Which is safer, Signal or Wire?

Because I place emphasis on privacy and security, I am wondering whether to use Signal or Wire. Signal wants to use a replication app like textplus, not his host phone number. (PINchord’s lock is firmly set) So it’s uneasy if it’s safe in terms of security and privacy. Wire registers by e-mail, but Wire collects metadata.
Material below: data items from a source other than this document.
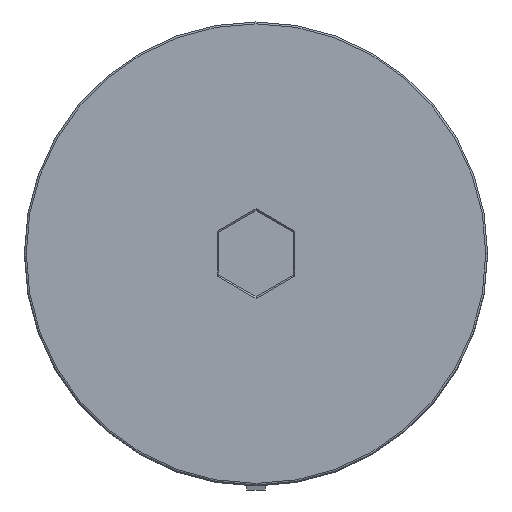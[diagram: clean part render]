
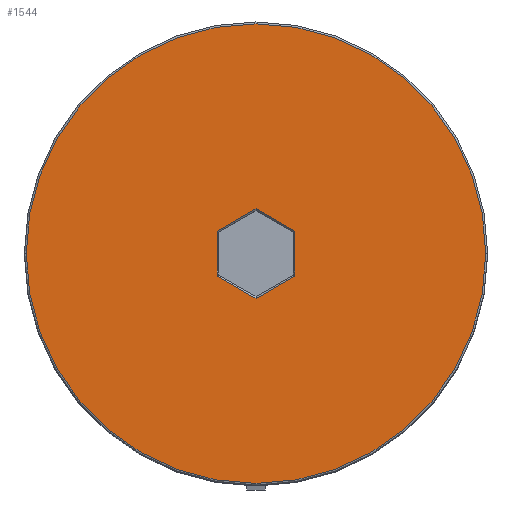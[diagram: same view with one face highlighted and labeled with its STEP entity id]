
A CAD part, top view. The second image highlights one B-rep face of the part: STEP entity #1544.
In plain terms, the highlighted planar face has unit normal (0, 0, 1).
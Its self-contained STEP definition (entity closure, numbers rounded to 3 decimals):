
#91 = VECTOR ( 'NONE', #531, 1000. ) ;
#118 = LINE ( 'NONE', #141, #1914 ) ;
#136 = VERTEX_POINT ( 'NONE', #647 ) ;
#141 = CARTESIAN_POINT ( 'NONE',  ( 0.05, -2.396, 0. ) ) ;
#156 = CARTESIAN_POINT ( 'NONE',  ( -2.1, 1.155, 0. ) ) ;
#272 = ORIENTED_EDGE ( 'NONE', *, *, #945, .T. ) ;
#276 = VERTEX_POINT ( 'NONE', #864 ) ;
#288 = CARTESIAN_POINT ( 'NONE',  ( -2.1, -1.212, 0. ) ) ;
#289 = VECTOR ( 'NONE', #2038, 1000. ) ;
#307 = CARTESIAN_POINT ( 'NONE',  ( -0.05, 2.396, 0. ) ) ;
#338 = DIRECTION ( 'NONE',  ( 0., 0., 1. ) ) ;
#420 = DIRECTION ( 'NONE',  ( 0., 0., 1. ) ) ;
#421 = CIRCLE ( 'NONE', #1066, 12.4 ) ;
#452 = DIRECTION ( 'NONE',  ( -0.866, -0.5, 0. ) ) ;
#474 = VERTEX_POINT ( 'NONE', #965 ) ;
#485 = LINE ( 'NONE', #1314, #91 ) ;
#486 = CIRCLE ( 'NONE', #2076, 12.4 ) ;
#496 = CARTESIAN_POINT ( 'NONE',  ( -12.4, 0., 0. ) ) ;
#509 = VERTEX_POINT ( 'NONE', #496 ) ;
#531 = DIRECTION ( 'NONE',  ( -0.866, 0.5, 0. ) ) ;
#592 = EDGE_LOOP ( 'NONE', ( #1548, #1586 ) ) ;
#622 = DIRECTION ( 'NONE',  ( 0.866, 0.5, 0. ) ) ;
#647 = CARTESIAN_POINT ( 'NONE',  ( 0., -2.425, 0. ) ) ;
#688 = EDGE_CURVE ( 'NONE', #1137, #509, #486, .T. ) ;
#718 = DIRECTION ( 'NONE',  ( 0., 0., 1. ) ) ;
#722 = FACE_BOUND ( 'NONE', #889, .T. ) ;
#761 = CARTESIAN_POINT ( 'NONE',  ( 2.1, -1.155, 0. ) ) ;
#772 = EDGE_CURVE ( 'NONE', #474, #1336, #2068, .T. ) ;
#805 = VECTOR ( 'NONE', #622, 1000. ) ;
#806 = DIRECTION ( 'NONE',  ( 0., 1., 0. ) ) ;
#864 = CARTESIAN_POINT ( 'NONE',  ( -2.1, 1.212, 0. ) ) ;
#879 = EDGE_CURVE ( 'NONE', #1356, #474, #1247, .T. ) ;
#889 = EDGE_LOOP ( 'NONE', ( #1054, #2067, #272, #1159, #1954, #1121 ) ) ;
#911 = PLANE ( 'NONE',  #1849 ) ;
#929 = EDGE_CURVE ( 'NONE', #509, #1137, #421, .T. ) ;
#945 = EDGE_CURVE ( 'NONE', #1693, #276, #1160, .T. ) ;
#965 = CARTESIAN_POINT ( 'NONE',  ( 2.1, 1.212, 0. ) ) ;
#1054 = ORIENTED_EDGE ( 'NONE', *, *, #1690, .T. ) ;
#1066 = AXIS2_PLACEMENT_3D ( 'NONE', #1434, #338, #2080 ) ;
#1121 = ORIENTED_EDGE ( 'NONE', *, *, #772, .T. ) ;
#1135 = CARTESIAN_POINT ( 'NONE',  ( 2.1, -1.212, 0. ) ) ;
#1137 = VERTEX_POINT ( 'NONE', #1490 ) ;
#1159 = ORIENTED_EDGE ( 'NONE', *, *, #2070, .T. ) ;
#1160 = LINE ( 'NONE', #156, #1910 ) ;
#1212 = FACE_OUTER_BOUND ( 'NONE', #592, .T. ) ;
#1247 = LINE ( 'NONE', #1730, #1638 ) ;
#1314 = CARTESIAN_POINT ( 'NONE',  ( -2.05, -1.241, 0. ) ) ;
#1336 = VERTEX_POINT ( 'NONE', #1135 ) ;
#1356 = VERTEX_POINT ( 'NONE', #1655 ) ;
#1359 = DIRECTION ( 'NONE',  ( 1., 0., 0. ) ) ;
#1385 = EDGE_CURVE ( 'NONE', #136, #1693, #485, .T. ) ;
#1405 = LINE ( 'NONE', #307, #805 ) ;
#1415 = DIRECTION ( 'NONE',  ( 0.866, -0.5, 0. ) ) ;
#1434 = CARTESIAN_POINT ( 'NONE',  ( 0., 0., 0. ) ) ;
#1490 = CARTESIAN_POINT ( 'NONE',  ( 12.4, 0., 0. ) ) ;
#1518 = CARTESIAN_POINT ( 'NONE',  ( 0., 0., 0. ) ) ;
#1544 = ADVANCED_FACE ( 'NONE', ( #1212, #722 ), #911, .T. ) ;
#1548 = ORIENTED_EDGE ( 'NONE', *, *, #688, .T. ) ;
#1586 = ORIENTED_EDGE ( 'NONE', *, *, #929, .T. ) ;
#1638 = VECTOR ( 'NONE', #1415, 1000. ) ;
#1655 = CARTESIAN_POINT ( 'NONE',  ( 0., 2.425, 0. ) ) ;
#1690 = EDGE_CURVE ( 'NONE', #1336, #136, #118, .T. ) ;
#1693 = VERTEX_POINT ( 'NONE', #288 ) ;
#1703 = CARTESIAN_POINT ( 'NONE',  ( 0., 0., 0. ) ) ;
#1730 = CARTESIAN_POINT ( 'NONE',  ( 2.05, 1.241, 0. ) ) ;
#1849 = AXIS2_PLACEMENT_3D ( 'NONE', #1518, #420, #1866 ) ;
#1866 = DIRECTION ( 'NONE',  ( 1., 0., 0. ) ) ;
#1910 = VECTOR ( 'NONE', #806, 1000. ) ;
#1914 = VECTOR ( 'NONE', #452, 1000. ) ;
#1954 = ORIENTED_EDGE ( 'NONE', *, *, #879, .T. ) ;
#2038 = DIRECTION ( 'NONE',  ( 0., -1., 0. ) ) ;
#2067 = ORIENTED_EDGE ( 'NONE', *, *, #1385, .T. ) ;
#2068 = LINE ( 'NONE', #761, #289 ) ;
#2070 = EDGE_CURVE ( 'NONE', #276, #1356, #1405, .T. ) ;
#2076 = AXIS2_PLACEMENT_3D ( 'NONE', #1703, #718, #1359 ) ;
#2080 = DIRECTION ( 'NONE',  ( 1., 0., 0. ) ) ;

Which one do you like?

I think we have discussed this in several threads already and it comes down to:

  • Signal: do you mind sharing your phone number to everyone you wish to connect with?
  • Wire: do you mind the server knowing whom you have connected with?

Personally my list is:

  1. XMPP with OMEMO, I trust my partner who has admin permissions and he trusts the owner and is friends. (I cannot English.)
  2. Wire as I don’t mind that metadata and I don’t have to share my phone number.
  3. Signal

In practice, XMPP is too difficult for people as it’s not phone number based centralized service and Wire isn’t very popular, so I find Signal the easiest to recommend to people as they already know how to use WhatsApp and it’s practically WhatsApp without Facebook and some evil features.

1 Like

signal encrypting everything (as my point of view, i mean they even encrypt your profile info (photo, name)) in other side wire saves your contacts in plain text (they saying they make it easy for them to share this list on cross platforms) so for me signal is great & signal’s team is amazing but iam using wire xD (signal team support is bad & we fighted before so i hated signal but as developer team they amazing)

2 Likes

If you want to see the pros and cons of Signal vs. other chat apps debated in scrupulous detail over the last four months, I suggest reading the discussion in issue #779 in the privacytools project on GitHub.

A couple of things to keep in mind. Firstly, privacy and security are not the same thing. In a nutshell:

  • Privacy is a social norm, which is protected by common decency and mutual respect among free people, backed up by laws against burglary, harassment, stalking, and so on.
  • Security is a technical quality, protected by careful design and maintenance of infrastructure, whether physical (the locks on your house), or digital (the encryption software that protects your internet banking from intruders).

As a result, tools don’t fall on a neat linear spectrum from low security/ privacy privacy, through to high security/ privacy. Well-meaning but inexperienced people can create tools that have high respect for privacy but low security. Datafarms can totally disrespect your privacy yet hire highly experienced people to secure their systems against their competitors and other enemies. This is why people talk about “threat models”, these help you to clarify what you most want to avoid, what you can afford to compromise on, and what combination of tools fit your specific needs.

BTW If we took the graph at politicalcompass.org and replaced the ‘economic’ and ‘social’ axes with ‘privacy’ and ‘security’, hypothetically we could identify roughly how a given tool measures up on both criteria, relative to others. But if you read that GitHub issue about Signal, you will quickly realize how difficult it is to even agree on how to evaluate and quantify the various factors they determine how secure or privacy-respecting something is.

Dude, you need to search the forum before posting. You consistently post topics that have been discussed numerous times.

I am wondering which message app to use. With emphasis on security and privacy. Since Signal requires a phone number, I will use the phone number generated by NextPlus etc. instead of the host phone number. Which is safer compared to the jmp.chat app? Snowden uses Signal,

This is again very related/similar to your previous posts/threads on this forum, @pinp.

The simple answer here:

No messenger is secure since there is much more to do than simply comparing some arbitrary security features. See https://infosec-handbook.eu/blog/discussion-secure/#sm. If you have no threat model, you can’t rate any security.

That sounds really interesting:

JIDs for Messaging with Phones

JMP gives you a real phone number for sending picture and text messages right from a Jabber account.

https://jmp.chat/

Can I use this phone numbers for “Mobile Validation”? Does anybody use JMP and can speak about it?

I’ve used it for around two years. I’m quite happy in general. It’s about as close to a privacy-friendly Google Voice replacement as I can imagine. In my experience mobile verification works better there than it does with Voip.ms. When I had trouble with one bank, I spoke with the developer (something Denver), who was happy to work on it and was able to resolve the issue.

I’ve been using this as well for a few years, exactly for the reason of having a different phone number to sign up for messaging apps to test them. The number will even take voicemail messages and send them as audio files to your linked xmpp account. One thing to note though is there is no encryption with this, either at rest on the jmp.chat server or with Omemo in messages. So I would not use this for any 2FA.